🤖 AI Summary
This study addresses the tendency of large language models (LLMs) to generate hallucinated citations, exhibit coverage bias, and lack principled thematic organization when synthesizing scientific literature. To mitigate these issues, the authors propose a hybrid workflow that leverages bibliometric algorithms to produce auditable clustering structures, which in turn guide LLMs in generating semantically coherent cluster descriptions. Evaluated on a Scopus dataset using multidimensional criteria—including human alignment, semantic coverage, and cluster quality—the approach significantly enhances the reliability and semantic fidelity of literature reviews.

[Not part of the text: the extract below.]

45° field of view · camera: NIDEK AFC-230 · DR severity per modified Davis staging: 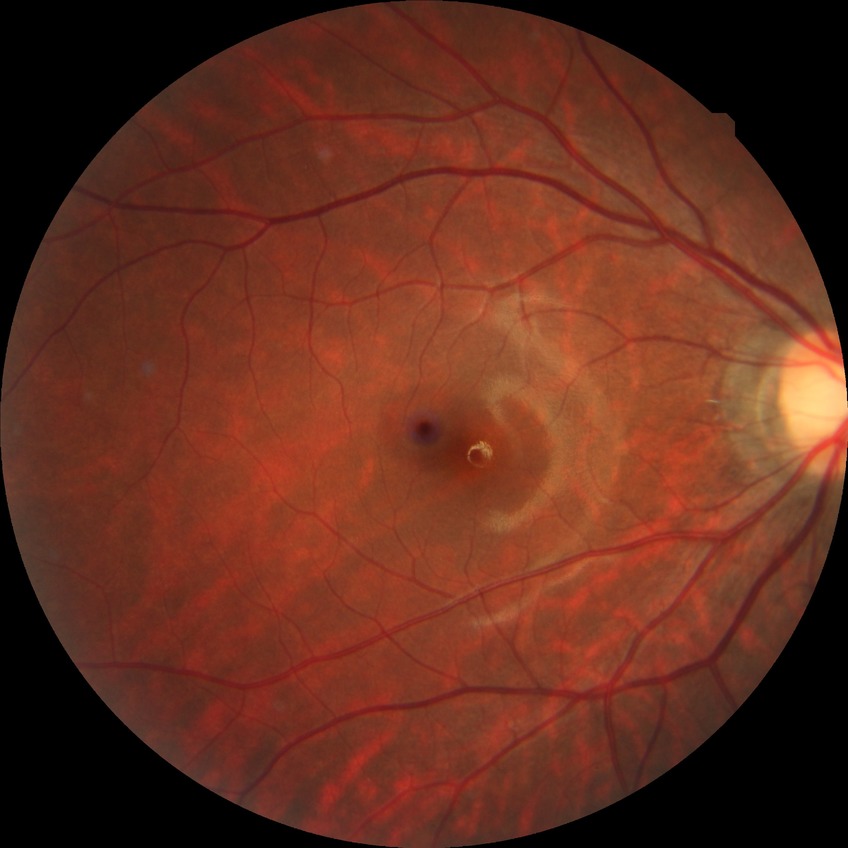
Modified Davis grading: no diabetic retinopathy.

The results demonstrate that without structural guidance, LLMs struggle to accurately infer meaningful clusters, whereas the integration of bibliometric scaffolding markedly improves their performance.
📝 Abstract
Large language models (LLMs) can support scientific literature synthesis, but remain prone to hallucinated references, uneven coverage, and weakly grounded thematic organization. We evaluate whether bibliometric structure improves LLM-assisted synthesis by comparing six pipelines for generating cluster descriptions under different levels of evidence and structure. Using 100 published bibliometric analyses, we reconstruct Scopus corpora, extract human-written cluster descriptions, and assess outputs by human alignment, semantic coverage, clustering quality, graph quality, and reference grounding. Results show that LLMs produce descriptions semantically close to human-written ones, but are unreliable when asked to infer bibliometric structure from scratch. Performance improves when bibliometric algorithms define the clusters and the LLM interprets them. Overall, LLM-assisted bibliometric synthesis is most promising as a hybrid workflow in which algorithms provide auditable structure and LLMs generate readable descriptions.